### Assignment
Transcribe the whole listing exactly; the images stay out.

== == ==

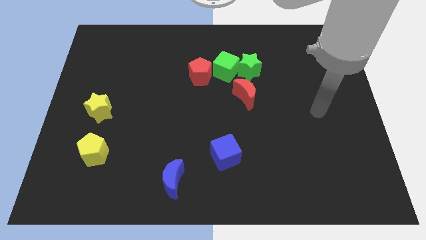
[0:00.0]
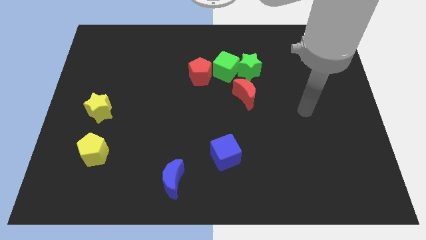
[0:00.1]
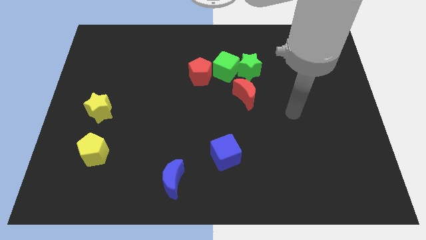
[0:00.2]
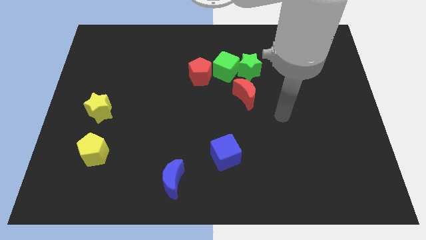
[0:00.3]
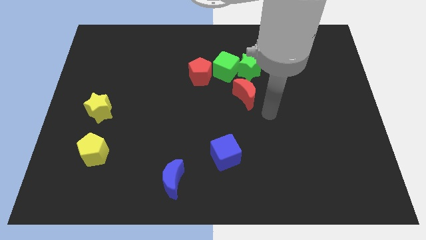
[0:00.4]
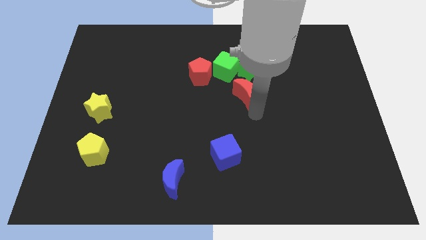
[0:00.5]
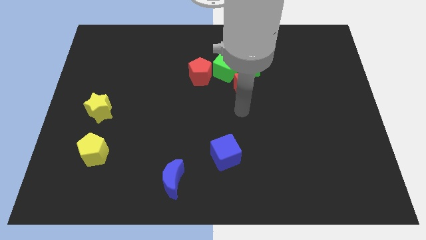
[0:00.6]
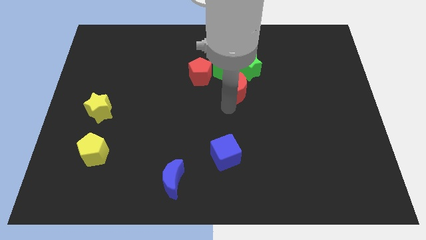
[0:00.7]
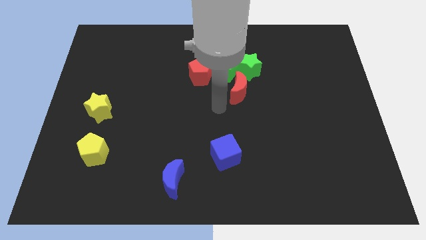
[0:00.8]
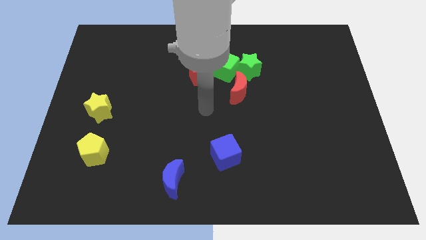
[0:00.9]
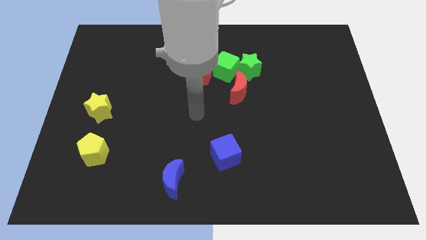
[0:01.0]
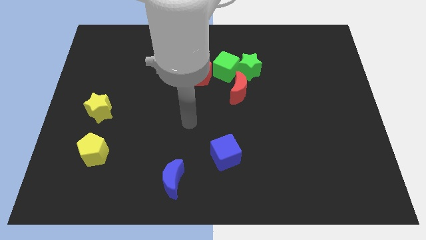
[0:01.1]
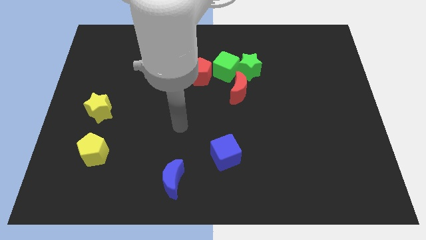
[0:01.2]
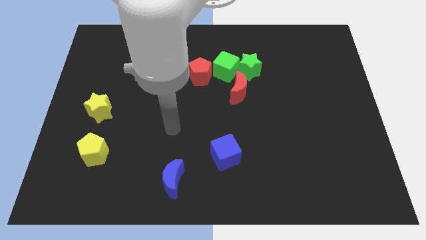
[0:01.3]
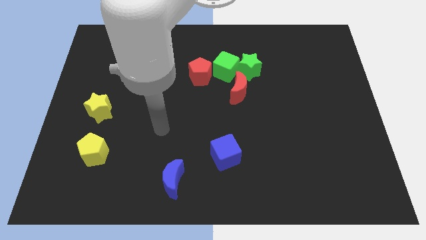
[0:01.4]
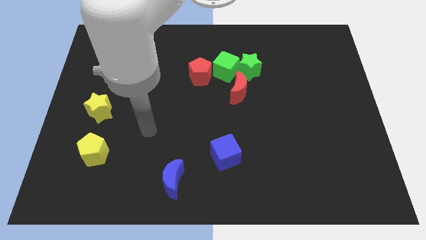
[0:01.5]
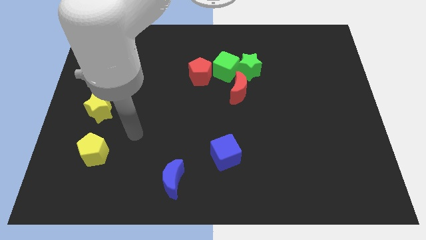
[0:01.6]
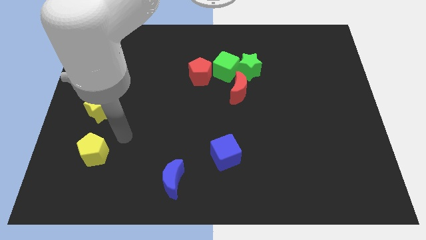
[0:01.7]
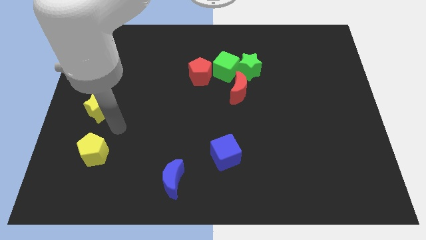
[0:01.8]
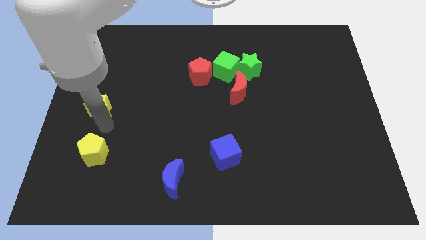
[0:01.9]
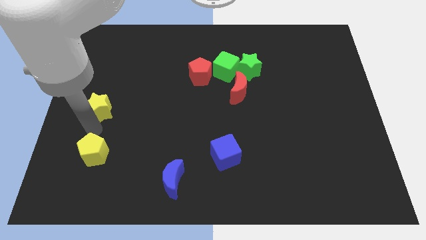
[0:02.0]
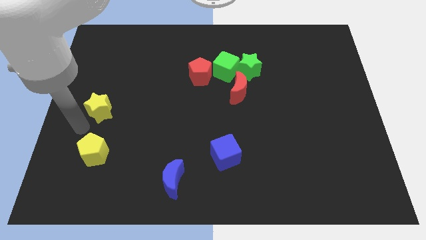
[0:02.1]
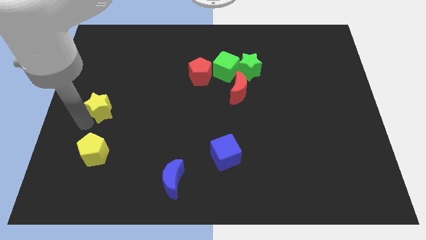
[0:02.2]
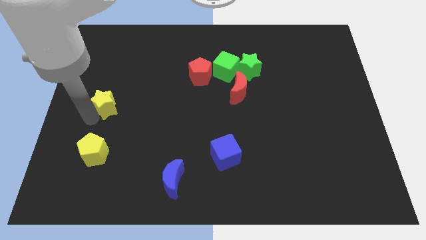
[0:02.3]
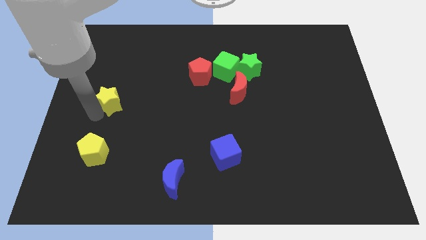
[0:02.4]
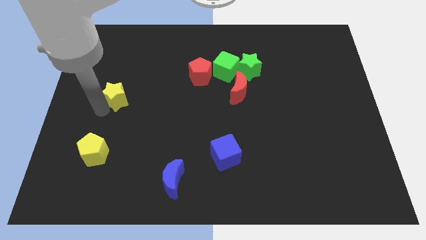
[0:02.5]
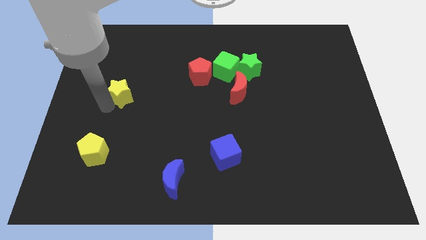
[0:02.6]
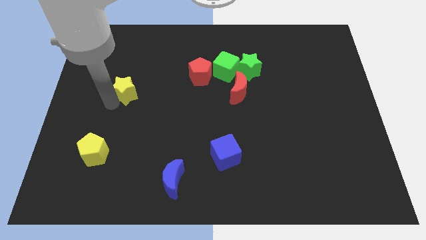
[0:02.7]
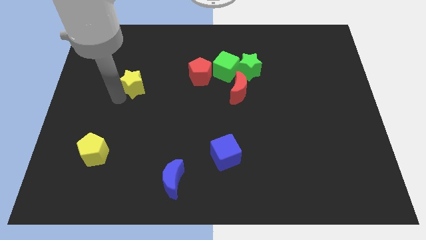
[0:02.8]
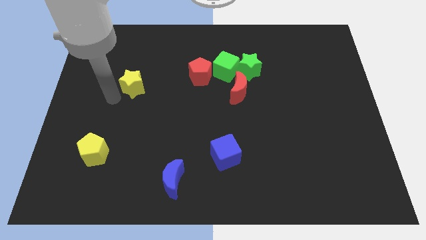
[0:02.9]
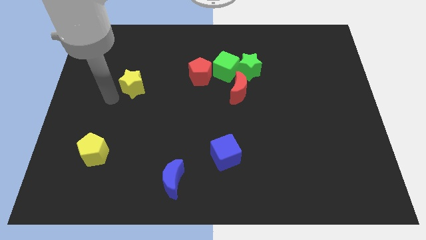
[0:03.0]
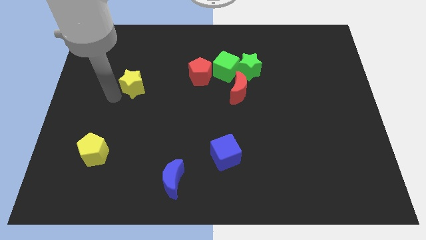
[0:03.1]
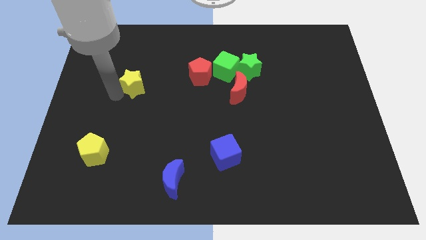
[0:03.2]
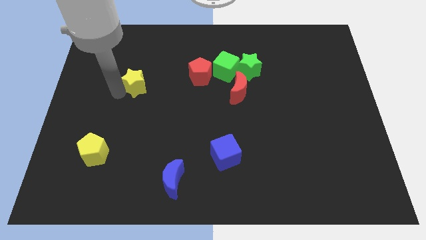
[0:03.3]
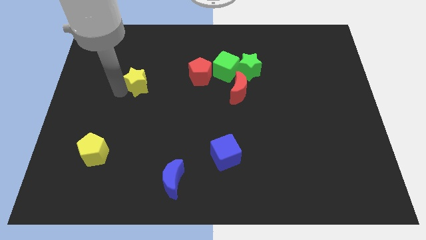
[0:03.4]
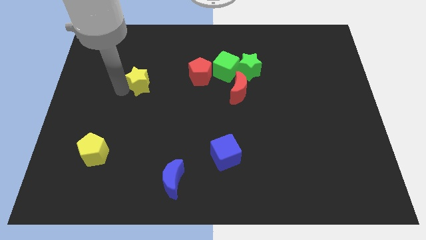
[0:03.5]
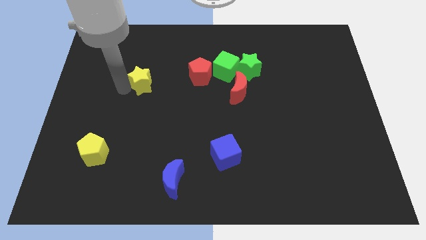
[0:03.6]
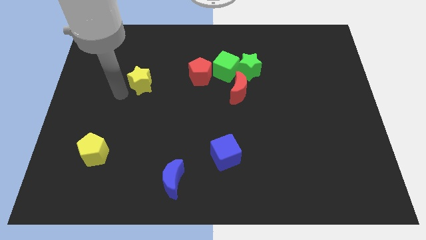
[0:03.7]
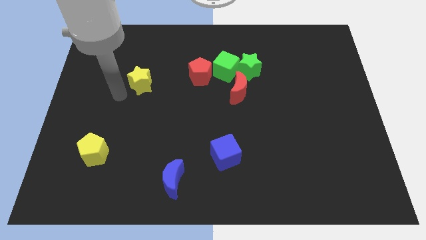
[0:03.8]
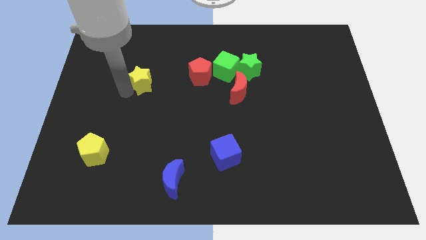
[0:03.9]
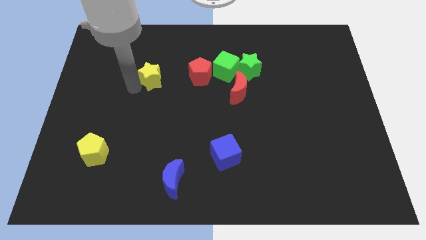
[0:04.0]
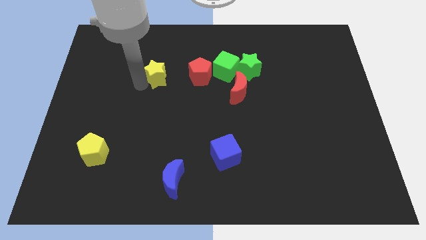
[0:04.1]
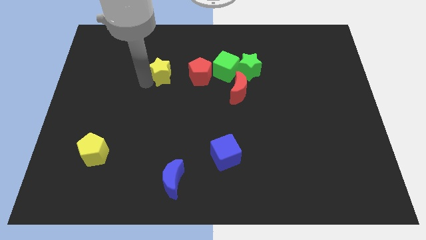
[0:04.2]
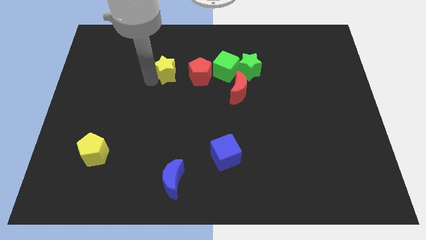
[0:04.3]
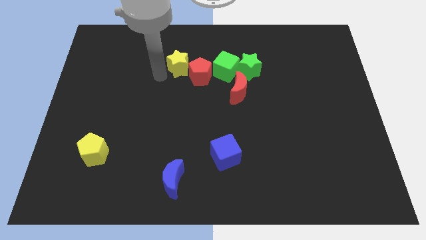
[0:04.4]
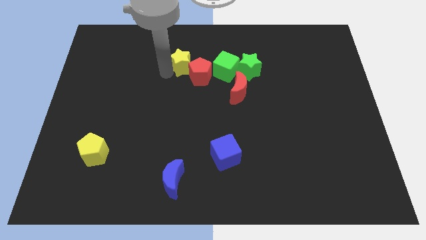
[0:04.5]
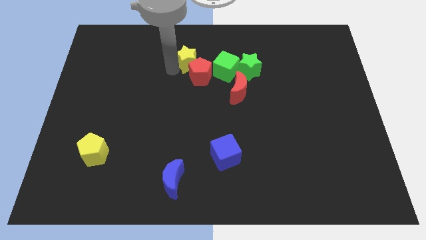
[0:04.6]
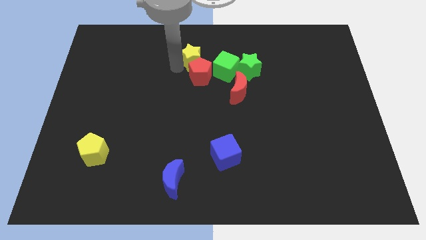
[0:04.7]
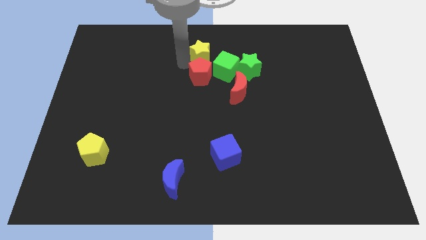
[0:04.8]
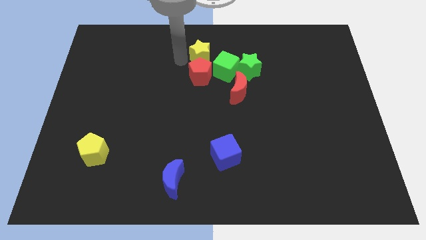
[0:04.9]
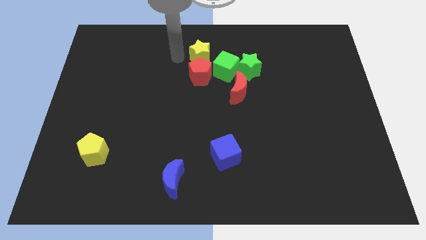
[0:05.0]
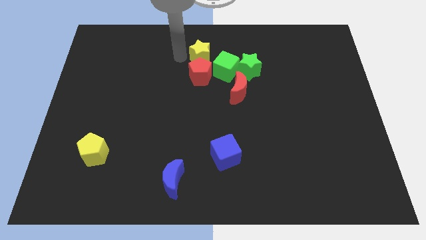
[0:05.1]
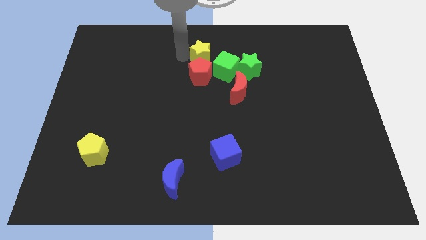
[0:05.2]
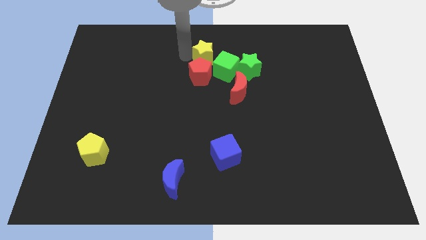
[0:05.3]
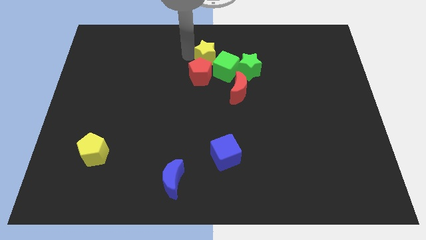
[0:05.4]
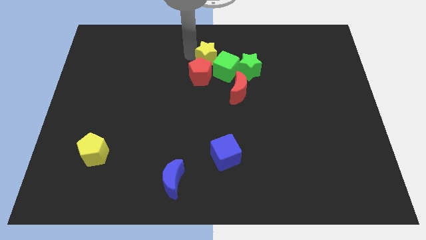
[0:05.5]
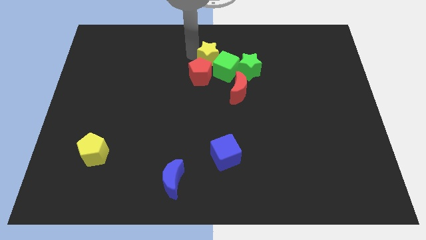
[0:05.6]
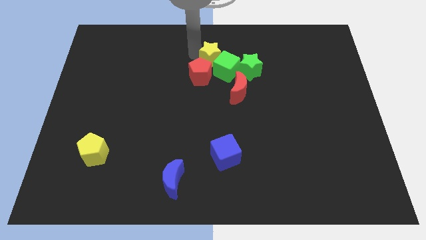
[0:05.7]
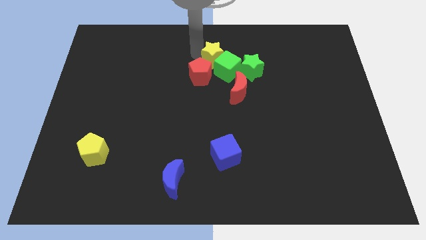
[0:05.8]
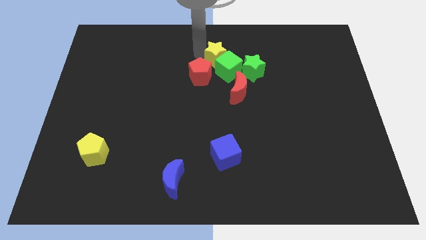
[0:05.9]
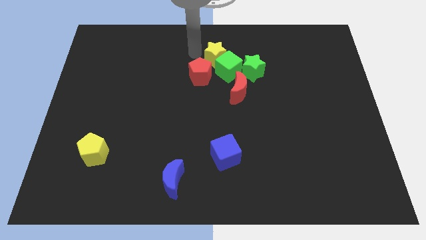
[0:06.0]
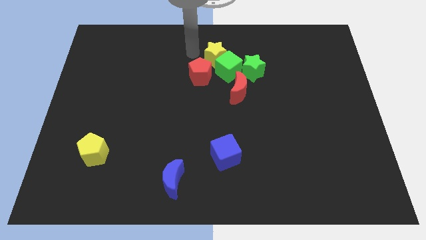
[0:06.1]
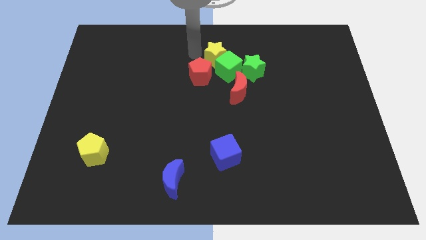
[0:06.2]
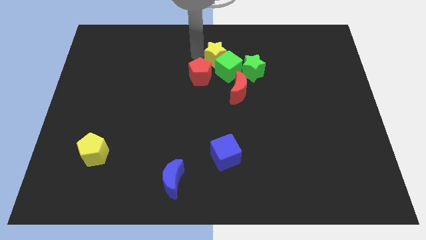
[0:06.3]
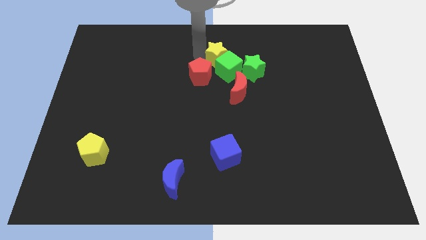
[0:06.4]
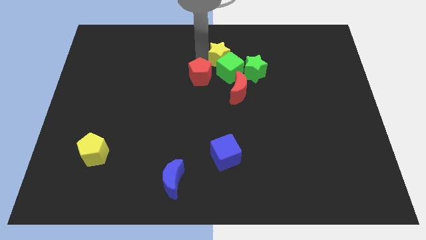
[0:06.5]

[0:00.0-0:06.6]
put the yellow star above the red moon

== == ==

### Result for this task
[0:00.0]
[0:00.1]
[0:00.2]
[0:00.3]
[0:00.4]
[0:00.5]
[0:00.6]
[0:00.7]
[0:00.8]
[0:00.9]
[0:01.0]
[0:01.1]
[0:01.2]
[0:01.3]
[0:01.4]
[0:01.5]
[0:01.6]
[0:01.7]
[0:01.8]
[0:01.9]
[0:02.0]
[0:02.1]
[0:02.2]
[0:02.3]
[0:02.4]
[0:02.5]
[0:02.6]
[0:02.7]
[0:02.8]
[0:02.9]
[0:03.0]
[0:03.1]
[0:03.2]
[0:03.3]
[0:03.4]
[0:03.5]
[0:03.6]
[0:03.7]
[0:03.8]
[0:03.9]
[0:04.0]
[0:04.1]
[0:04.2]
[0:04.3]
[0:04.4]
[0:04.5]
[0:04.6]
[0:04.7]
[0:04.8]
[0:04.9]
[0:05.0]
[0:05.1]
[0:05.2]
[0:05.3]
[0:05.4]
[0:05.5]
[0:05.6]
[0:05.7]
[0:05.8]
[0:05.9]
[0:06.0]
[0:06.1]
[0:06.2]
[0:06.3]
[0:06.4]
[0:06.5]

[0:00.0-0:06.6]
put the yellow star above the red moon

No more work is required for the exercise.